Maybe you like to watch sports or listen to rock music while you are on the treadmill, but I prefer to pace myself with Wheel of Fortune. Jogging in place while the wheel clicks away gives me time to think about the important things in life. Things like "why is this asshole buying a vowel when he must know the answer" and "you're spinning?! But you've got 12 grand in the bank and there's only one goddamn consonant left!!"
In fact, since Wheel of Fortune is a game, I've decided that it must have a definite optimal solution. Consider the puzzle below, one which I imagine even the reddest red state moron would be able to tease out:
One vowel, 2 Bs, an L, a C, and a K are left. You've already got $8,000 in the bank, including an all expenses paid vacation to the Sandals resort in Jamaica and a shopping spree on Etsy.com to spend on
human centipede merchandise. Do you spin or solve?
It really comes down to how much risk you can tolerate. Based on
this wheel, and assuming that the probability of landing on each spot is equal and that the Lose a Turn spot is essentially the same thing as the Bankrupt slot (the guy with the lifetime NRA membership next to you is DEFINITELY solving this puzzle), we can calculate the expected value of your next spin.

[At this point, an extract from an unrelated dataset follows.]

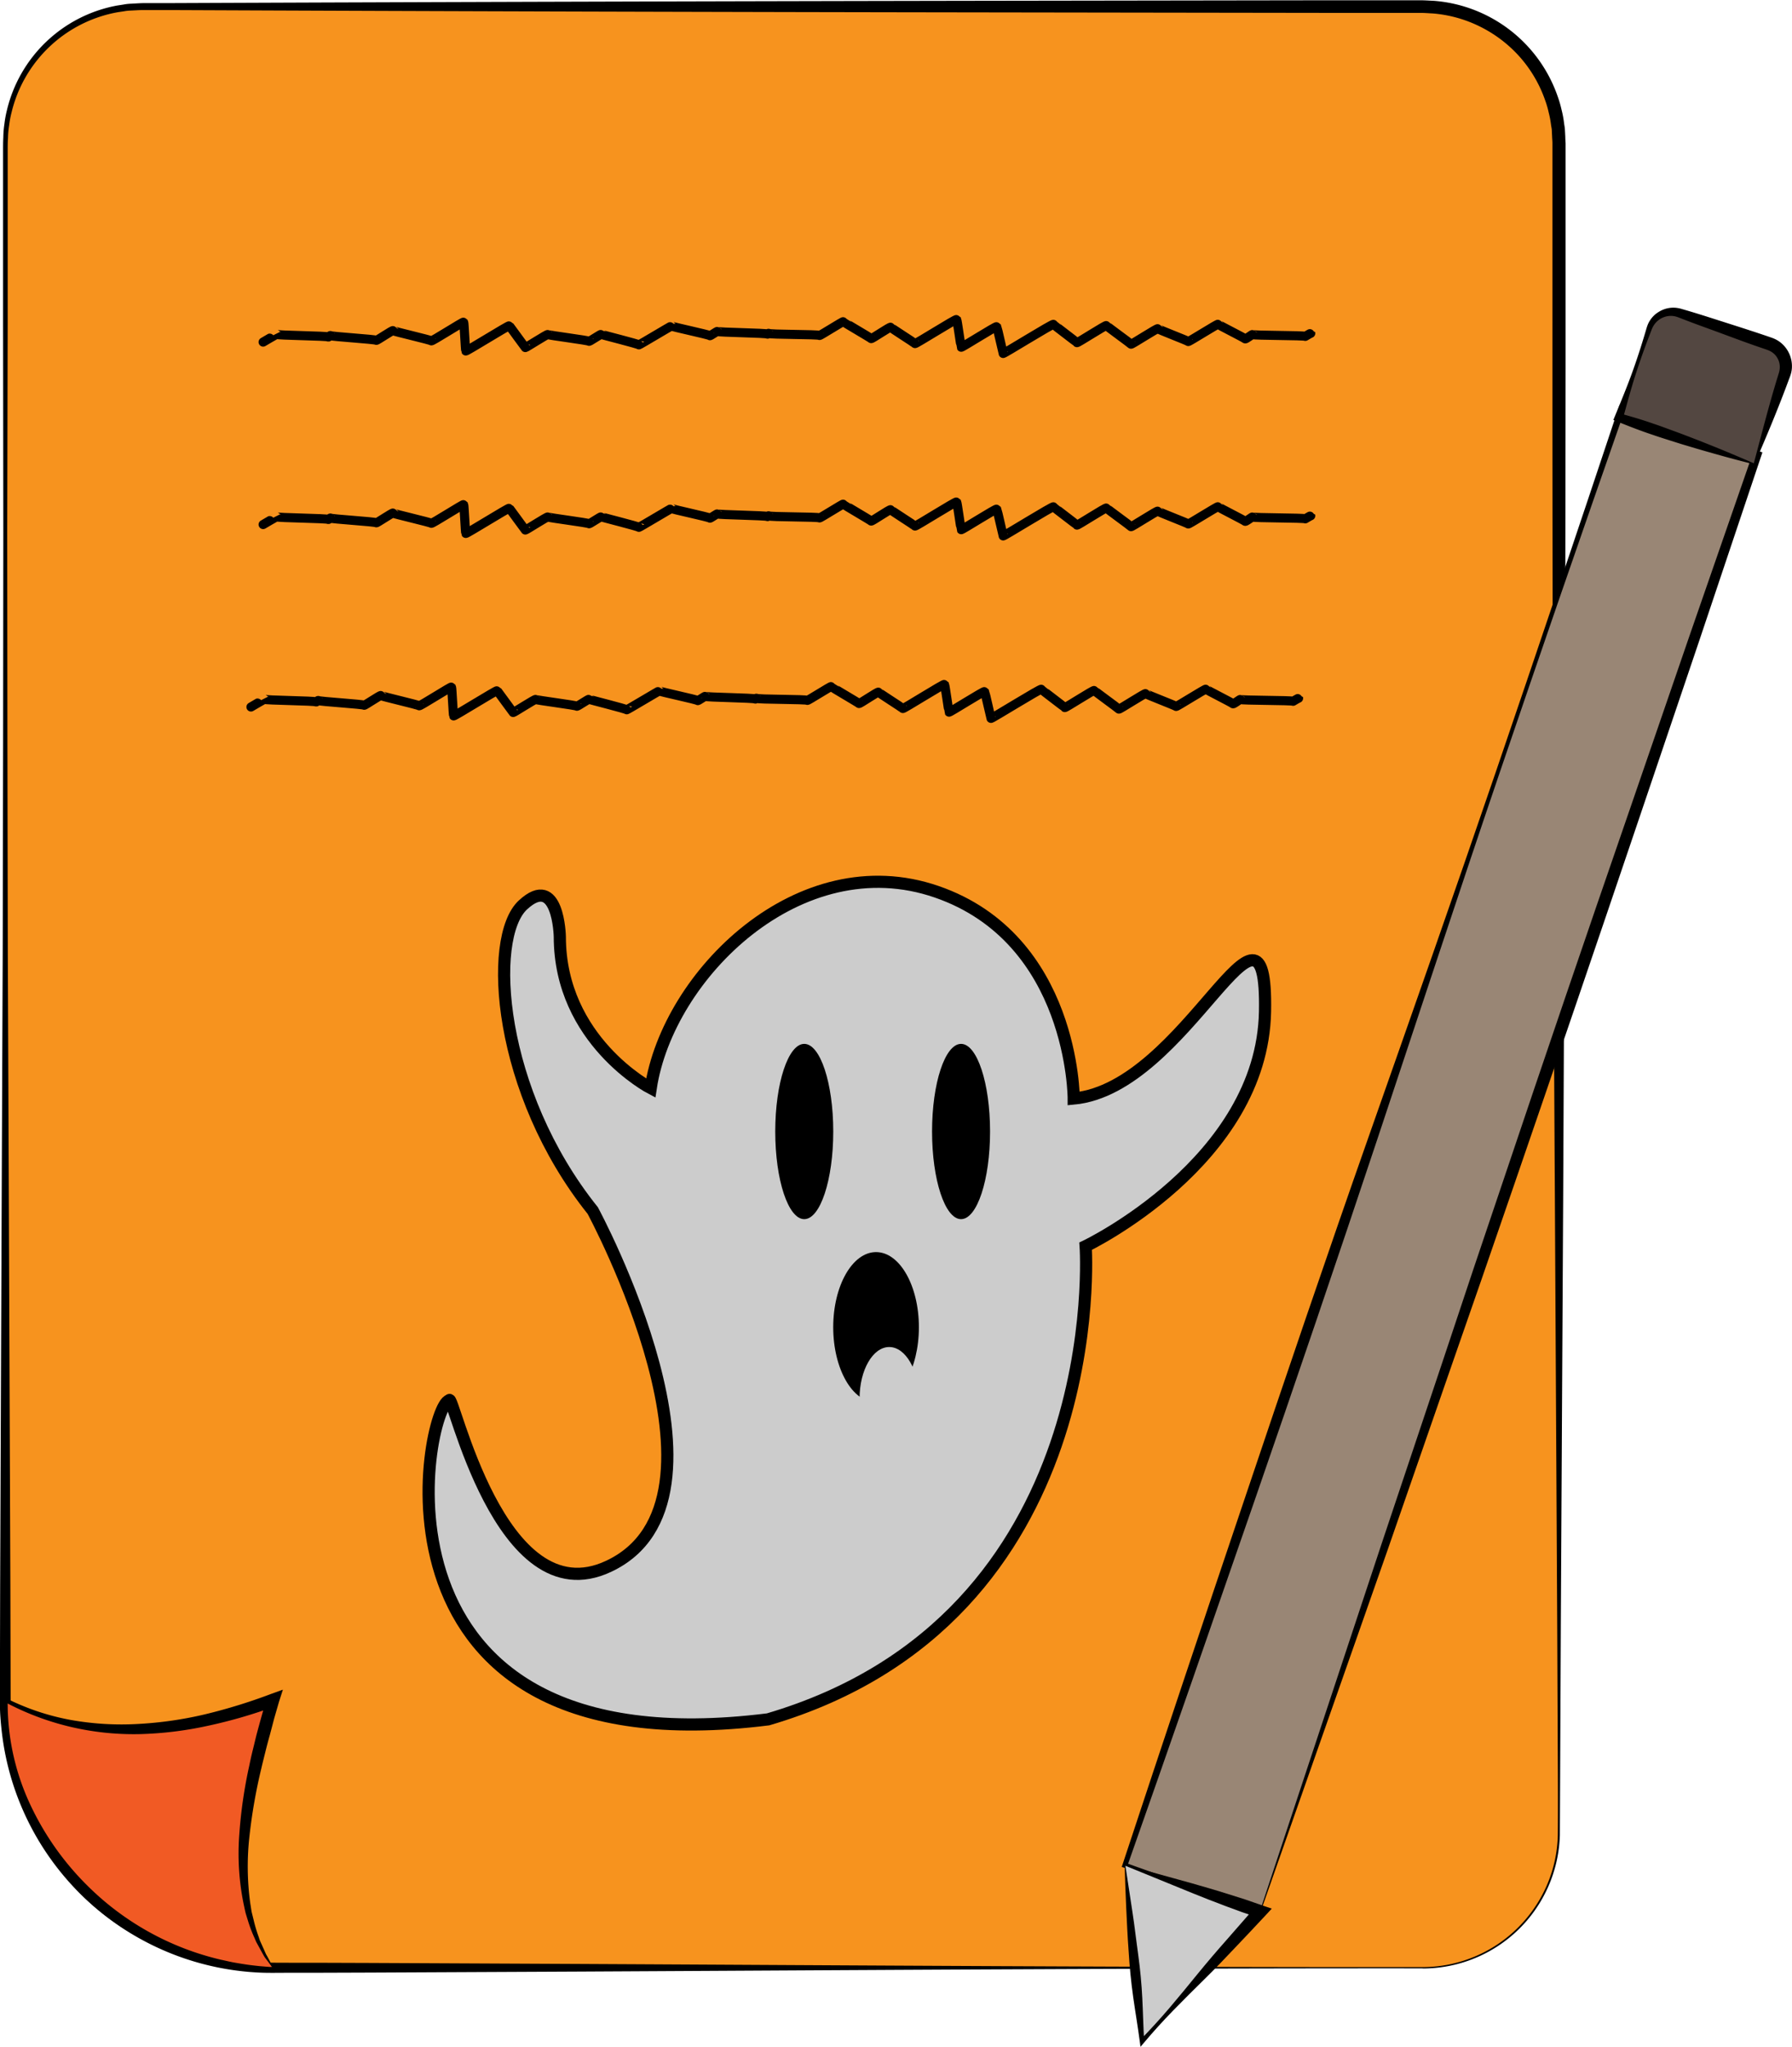 <svg id="Слой_1" data-name="Слой 1" xmlns="http://www.w3.org/2000/svg" viewBox="0 0 589.44 673.05"><defs><style>.cls-1{fill:#f7931e;}.cls-2{fill:#f15a24;}.cls-3{fill:#998675;}.cls-4{fill:#534741;}.cls-5,.cls-7{fill:#ccc;}.cls-6{fill:none;stroke-linecap:round;stroke-linejoin:round;stroke-width:3px;}.cls-6,.cls-7{stroke:#000;}.cls-7{stroke-miterlimit:10;stroke-width:4px;}</style></defs><path class="cls-1" d="M1164.14,843H786a88,88,0,0,1-88-88V242.86A44.87,44.87,0,0,1,742.86,198h421.28A44.87,44.87,0,0,1,1209,242.86V798.14A44.87,44.87,0,0,1,1164.14,843Z" transform="translate(-696.25 -195.92)"/><path d="M1164.14,843.2c-92.35-.06-184.71.58-277.06,1.06l-69.26.33-17.32.06-8.66,0c-2.89,0-5.74.06-8.71,0a89.45,89.45,0,0,1-85.74-75.19c-.46-2.9-.78-5.83-1-8.77s-.19-5.9-.17-8.76l.08-34.63.55-138.53.29-69.27.13-69.26.07-69.26-.08-69.27,0-34.63,0-17.31,0-4.33c0-1.44,0-2.88.08-4.36a32.22,32.22,0,0,1,.36-4.39,35.21,35.21,0,0,1,.78-4.34,45.82,45.82,0,0,1,36.24-34.6l2.19-.34a14.84,14.84,0,0,1,2.2-.26c1.47-.07,3-.19,4.41-.21l8.66,0q138.52-.57,277.05-.78l69.27-.1,34.63-.05,17.31,0h13c1.44,0,3,.12,4.49.18a46.93,46.93,0,0,1,40.67,31.39,36.14,36.14,0,0,1,1.27,4.35,33.56,33.56,0,0,1,.84,4.45c.09.75.27,1.49.29,2.24l.12,2.27c0,.75.08,1.52.1,2.25v71.43q-.11,138.52-.81,277l-.76,138.53-.32,69.27a45.11,45.11,0,0,1-45.1,43.87Zm0-.4A44.68,44.68,0,0,0,1205,816a43.83,43.83,0,0,0,3.66-16.69c.09-11.53,0-23.09-.05-34.63l-.15-34.63-.76-138.53q-.83-138.52-.81-277V243.05c0-.7-.07-1.38-.1-2.07l-.1-2.06c0-.69-.19-1.36-.27-2a30.75,30.75,0,0,0-.76-4,30.28,30.28,0,0,0-1.16-4,42.53,42.53,0,0,0-8.24-14.16,43.13,43.13,0,0,0-13-10,42.55,42.55,0,0,0-15.78-4.42c-1.39-.06-2.71-.19-4.16-.18h-13l-17.31,0-34.63-.05-69.27-.1q-138.53-.18-277.05-.78l-8.66,0c-1.44,0-2.82.11-4.24.17a13.49,13.49,0,0,0-2.1.23l-2.09.31a43.89,43.89,0,0,0-34.93,33,32.27,32.27,0,0,0-.78,4.17,29.81,29.81,0,0,0-.38,4.22c-.11,1.41-.1,2.85-.1,4.3l0,4.33,0,17.31,0,34.63L698.62,371l.07,69.26.13,69.26.29,69.27.55,138.53.08,34.63c0,2.91,0,5.72.21,8.54s.51,5.64.94,8.43a85.77,85.77,0,0,0,22.15,45,86.93,86.93,0,0,0,27.36,19.69,85.8,85.8,0,0,0,32.84,7.65c2.8.12,5.73.08,8.6.1l8.66,0,17.32.06,69.26.33C979.43,842.22,1071.79,842.86,1164.14,842.8Z" transform="translate(-696.25 -195.92)"/><path class="cls-2" d="M786,843h0a88,88,0,0,1-88-88v0c26.7,13.84,56.44,11.7,88,0C775.82,789,770.31,820.9,786,843Z" transform="translate(-696.25 -195.92)"/><path d="M786.18,843.09c0,.09-.26.13-.25.11h-1l-1.09,0-2.17.06c-1.45,0-2.9-.08-4.35-.11s-2.89-.24-4.34-.36-2.89-.38-4.33-.58a82.79,82.79,0,0,1-16.88-4.62,83.06,83.06,0,0,1-48-48.59A99.66,99.66,0,0,1,697.34,755v-1.07l1,.49a79,79,0,0,0,21.23,7.1,94.86,94.86,0,0,0,22.25,1.3,124,124,0,0,0,22.08-3.21,181.12,181.12,0,0,0,21.4-6.61l4-1.45L788,755.61l-1.57,5.44L785,766.5c-.52,1.81-1,3.63-1.45,5.46s-.92,3.64-1.34,5.48a177.8,177.8,0,0,0-3.89,22.14,89.14,89.14,0,0,0,.26,22.32c.16.92.28,1.85.45,2.77l.67,2.71a48,48,0,0,0,1.6,5.37c.15.44.29.89.45,1.33l.58,1.28,1.15,2.58c.1.21.18.42.29.64l.38.66.72,1.33Zm-.36-.18c-.56-.8-1.14-1.56-1.68-2.28l-.81-1.08L783,839c-.12-.2-.23-.42-.35-.62l-1.38-2.52-.7-1.27c-.2-.44-.38-.88-.57-1.32a44.45,44.45,0,0,1-2.08-5.39l-.85-2.76c-.24-.94-.42-1.88-.63-2.82a83.09,83.09,0,0,1-1.49-23,155.11,155.11,0,0,1,3.29-22.75c.39-1.88.8-3.74,1.27-5.6s.88-3.72,1.38-5.56c1-3.69,2-7.34,3.12-11l2.78,2.61a162.88,162.88,0,0,1-22,6.4,119,119,0,0,1-22.81,2.78,90.88,90.88,0,0,1-22.84-2.47,89.17,89.17,0,0,1-21.36-8.13l1-.58a78.44,78.44,0,0,0,6.94,33.3A92.68,92.68,0,0,0,725,816a91.93,91.93,0,0,0,44,24.38c1.39.28,2.78.64,4.18.89s2.82.48,4.23.69,2.84.36,4.27.51l2.15.18,1.07.08.54,0,.27,0h.2C786,842.78,785.81,842.82,785.82,842.91Z" transform="translate(-696.25 -195.92)"/><rect class="cls-3" x="917.24" y="553.96" width="506" height="47" transform="translate(-450.43 1302.6) rotate(-71.16)"/><path d="M1110.87,824.67,1066,810.1l-.78-.26.27-.8q19.83-60.06,40.07-120c13.46-40,27-79.89,41-119.67s28-79.56,41.65-119.46,27.11-79.85,40.43-119.86l.34-1,1,.35,44.6,14.83,1.38.45-.47,1.4-20.17,60.12-20.34,60.11q-20.34,60.13-41,120.12l-10.34,30-10.39,29.88L1152.54,706Zm-.17-.36,40-120.74,20.09-60,10-30,10.09-29.91q20.11-59.83,40.68-119.33l20.51-59.61,20.68-59.6.91,1.85-44.36-15.52,1.39-.68q-20.88,59.7-41.27,119.58c-13.57,39.92-26.74,80-40.06,120s-26.91,79.92-40.7,119.77-27.61,79.69-41.62,119.46l-.52-1.06Z" transform="translate(-696.25 -195.92)"/><path class="cls-4" d="M1273.22,348.44l-44.48-15.18,10-29.44a7.89,7.89,0,0,1,10-4.92L1278.34,309a7.89,7.89,0,0,1,4.92,10Z" transform="translate(-696.25 -195.92)"/><path d="M1273.31,348.62c-3.53-.87-7.19-1.83-10.91-2.87s-7.51-2.11-11.32-3.27c-1.9-.55-3.82-1.18-5.73-1.78s-3.83-1.21-5.74-1.88c-3.83-1.27-7.61-2.75-11.32-4.25l-1.36-.55.5-1.21c1.87-4.56,3.77-9.12,5.46-13.74s3.21-9.32,4.61-14.05c.19-.6.32-1.15.55-1.8a8.12,8.12,0,0,1,.88-1.86,8.8,8.8,0,0,1,3-2.92,9,9,0,0,1,4-1.31,8.78,8.78,0,0,1,2.17.09,8.18,8.18,0,0,1,1.07.23l.9.26c4.74,1.37,9.42,2.9,14.12,4.4s9.39,3,14,4.58l.89.31a10.24,10.24,0,0,1,1.08.45,9.23,9.23,0,0,1,2,1.29,10,10,0,0,1,3.49,8.28,9.17,9.17,0,0,1-.46,2.26c-.23.72-.45,1.23-.68,1.86C1280.94,330.79,1277,340.15,1273.31,348.62Zm-.18-.36c2.72-10.18,5.09-19.47,7.86-28.47.16-.54.38-1.18.49-1.64a6.36,6.36,0,0,0,.19-1.36,5.77,5.77,0,0,0-.54-2.66,5.67,5.67,0,0,0-1.66-2.12,5.58,5.58,0,0,0-1.14-.71,5.8,5.8,0,0,0-.62-.27l-.84-.3c-4.67-1.56-9.29-3.28-13.92-5s-9.27-3.34-13.86-5.15l-.85-.32a6.51,6.51,0,0,0-.71-.23,6.33,6.33,0,0,0-1.5-.23,6.69,6.69,0,0,0-5.47,2.63,6.8,6.8,0,0,0-.83,1.4c-.23.5-.45,1.13-.67,1.68-1.78,4.6-3.44,9.24-4.94,13.94s-2.76,9.46-4.07,14.22l-.87-1.76c3.71,1,7.34,2.08,10.93,3.34,1.79.59,3.58,1.26,5.38,1.92s3.58,1.3,5.38,2c3.6,1.37,7.23,2.81,10.92,4.31S1269.24,346.6,1273.13,348.26Z" transform="translate(-696.25 -195.92)"/><polygon class="cls-5" points="370.05 613.39 375.65 671.3 414.53 628.57 370.05 613.39"/><path d="M1066.43,809.47l2.3,15.13c.36,2.44.72,4.86,1,7.25s.65,4.75.94,7.1c.64,4.73,1.07,9.34,1.31,14s.32,9.4.62,14.2l-1.28-.42c3.37-3.45,6.6-7,9.73-10.67s6.17-7.41,9.22-11.14,6.18-7.4,9.37-11,6.31-7.27,9.53-10.85l.89,3.44-5.34-1.82-5.29-1.95c-3.53-1.3-7.06-2.72-10.64-4.15Zm-.25-.32,10.77,2.94,11.31,3.13c3.83,1.1,7.72,2.21,11.6,3.44l5.83,1.84,5.78,2,3.1,1.06-2.21,2.39c-3.26,3.54-6.61,7-9.91,10.51s-6.65,7-10.08,10.36-6.85,6.78-10.22,10.23-6.59,7-9.7,10.7l-1.06,1.25-.22-1.68c-.64-4.85-1.49-9.76-2.19-14.75s-1.19-10-1.49-15c-.18-2.47-.34-4.94-.46-7.37s-.25-4.85-.35-7.23C1066.47,818.22,1066.29,813.56,1066.18,809.15Z" transform="translate(-696.25 -195.92)"/><path class="cls-6" d="M782.8,308.41s4.37-2.57,4.39-2.54c.21.36,16.82.49,17,.86.1.17.67-.59.76-.44.17.31,14.89,1.2,15.08,1.54.11.18,5.36-3.42,5.5-3.18S838,307.73,838.13,308s10.5-6.38,10.64-6.15.55,9.24.69,9.48,14.17-8.55,14.33-8.28,5.16,7,5.25,7.16,7.28-4.53,7.43-4.28,13.36,1.9,13.55,2.22c.08.15,3.86-2.42,4-2.28s12.21,3.15,12.38,3.45c.07.12,10.66-6.3,10.73-6.19.15.27,12.46,2.85,12.65,3.18.06.1,2.38-1.5,2.44-1.4.19.33,16.23.5,16.44.87.08.14.33-.35.4-.23.24.42,16.52.28,16.75.68.1.18,7.73-4.71,7.84-4.53s9,5.35,9.15,5.56,6.26-4,6.43-3.72,7.84,5.14,8,5.36,13.52-8.24,13.71-7.92,1.36,8.92,1.48,9.12,11.53-7.07,11.71-6.76,2,8.59,2.09,8.81,16.36-9.91,16.56-9.56c.12.2,7.56,5.79,7.71,6s9.55-5.92,9.72-5.61,7.95,5.91,8.07,6.12,8.68-5.37,8.83-5.09,9.92,4,10,4.21,9.69-5.9,9.82-5.67,8.74,4.55,8.88,4.79,2.37-1.55,2.45-1.41c.2.35,17.15.26,17.34.6,0,0,1.77-1.07,1.79-1" transform="translate(-696.25 -195.92)"/><path class="cls-6" d="M782.8,368.41s4.37-2.57,4.39-2.54c.21.36,16.82.49,17,.86.1.17.67-.59.76-.44.17.31,14.89,1.2,15.08,1.54.11.18,5.36-3.42,5.5-3.18S838,367.73,838.13,368s10.5-6.38,10.64-6.15.55,9.24.69,9.48,14.17-8.55,14.33-8.28,5.16,7,5.25,7.16,7.28-4.53,7.43-4.28,13.36,1.9,13.55,2.22c.08.15,3.86-2.42,4-2.28s12.21,3.15,12.38,3.45c.07.12,10.66-6.3,10.73-6.19.15.27,12.46,2.85,12.65,3.18.06.1,2.38-1.5,2.44-1.4.19.33,16.23.5,16.44.87.08.14.33-.35.4-.23.24.42,16.52.28,16.75.68.1.18,7.73-4.71,7.84-4.53s9,5.35,9.15,5.56,6.26-4,6.43-3.72,7.84,5.14,8,5.36,13.52-8.24,13.71-7.92,1.36,8.92,1.48,9.12,11.53-7.07,11.71-6.76,2,8.59,2.09,8.81,16.36-9.91,16.56-9.56c.12.2,7.56,5.79,7.71,6s9.55-5.92,9.72-5.61,7.95,5.91,8.07,6.12,8.68-5.37,8.83-5.09,9.92,4,10,4.21,9.69-5.9,9.82-5.67,8.74,4.55,8.88,4.79,2.37-1.55,2.45-1.41c.2.35,17.15.26,17.34.6,0,0,1.77-1.07,1.79-1" transform="translate(-696.25 -195.92)"/><path class="cls-6" d="M778.8,428.41s4.37-2.57,4.39-2.54c.21.36,16.82.49,17,.86.1.17.67-.59.76-.44.17.31,14.89,1.2,15.08,1.54.11.18,5.36-3.42,5.5-3.18S834,427.73,834.13,428s10.5-6.38,10.64-6.15.55,9.24.69,9.48,14.17-8.55,14.33-8.28,5.16,7,5.25,7.16,7.28-4.53,7.43-4.28,13.36,1.9,13.55,2.22c.08.15,3.86-2.42,4-2.28s12.21,3.15,12.38,3.45c.07.12,10.66-6.3,10.73-6.19.15.27,12.46,2.85,12.65,3.18.06.1,2.38-1.5,2.44-1.4.19.33,16.23.5,16.44.87.08.14.33-.35.4-.23.24.42,16.52.28,16.75.68.1.18,7.73-4.71,7.84-4.53s9,5.35,9.15,5.56,6.26-4,6.43-3.72,7.84,5.14,8,5.36,13.52-8.24,13.71-7.92,1.36,8.92,1.48,9.12,11.53-7.07,11.71-6.76,2,8.59,2.09,8.81,16.36-9.91,16.56-9.56c.12.2,7.56,5.79,7.71,6s9.55-5.92,9.72-5.61,7.95,5.91,8.07,6.12,8.68-5.37,8.83-5.09,9.92,4,10,4.21,9.69-5.9,9.82-5.67,8.74,4.55,8.88,4.79,2.37-1.55,2.45-1.41c.2.35,17.15.26,17.34.6,0,0,1.77-1.07,1.79-1" transform="translate(-696.25 -195.92)"/><path class="cls-7" d="M1049.43,557.17s0-52.44-45.08-68-88.42,27.31-94.06,64.58c0,0-29.9-15.6-29.9-49.84,0,0-.44-21.24-12.14-10.4S860,555,891.22,594c0,0,51.55,95.32,5.2,117C860.47,727.89,845,652.48,844,656.43c-7.8,1.73-32.25,122.07,104.89,104.89,113.13-33.25,104.46-155.6,104.46-155.6s58.08-27.74,59-77.16S1086.71,553.7,1049.43,557.17Z" transform="translate(-696.25 -195.92)"/><ellipse cx="316.12" cy="372.09" rx="9.54" ry="28.82"/><ellipse cx="264.54" cy="372.09" rx="9.54" ry="28.82"/><ellipse cx="288.16" cy="436.45" rx="14.09" ry="24.71"/><ellipse class="cls-5" cx="292.49" cy="459.86" rx="9.75" ry="16.9"/></svg>

Then we can make a chart. That chart looks like this:
In this context, a singleton is a letter of which there is only one, i.e. the C, L, and K. The twofer is the letter of which there are multiples, i.e. the B. The twofer has a higher expected value because you get money for each instance of the letter appearing in the puzzle.
In our example, even if you have $8,000 in the bank, a spin with a twofer in the board will net you an average value of nearly $700.
Now: is there opportunity cost associated with solving? That is, by solving now, not only do I lose the value of this spin, but of all future spins. Consider the example above again, except start with only $5,000 in the bank. The average value of that spin was $921, because I was risking much less money on a bankrupt or lose a turn spot. There are still letters left. What is the value of those future spins?
On Spin 1, I start with $5,000, and the average value of my spin, because there is a twofer left, is $921. However, if I want to know the value of future spins, that presumes that I did not land on the bankruptcy spots; i.e., the starting value of future spins is not $5,921, but rather the average value of all non-bankruptcy spots on the wheel, which is $730 (or $1,460 with a twofer).
On Spin 2, I would theoretically start with an average of $6,460, and only have singletons left. The average value of that spin is only $130. Additionally, my leveraging (that is the ratio of money I'm risking to money I'm potentially earning) goes from a reasonable 5.4:1 to an absurd 50:1!
Here's how the value of the second spin changes with money in the bank, assuming you will use the twofer on your first spin:
This graph shows that, with anything about $2,000 in the bank, you become what I would consider over-leveraged on your spin (greater than 10:1) and with more than $6,000 in the bank, your bet becomes a loser. It also shows that, in most cases, there is little to no opportunity cost lost unless there are multiple twofers or higher left in the puzzle once you've solved it.
This confirms the strategy that I've long assumed to be correct on the show: once you've determined the answer to the puzzle, you keep going until there are only singletons left or you exceed $10,000 in the bank, whichever comes first. Wheel of Fortune: SOLVED. Next, please.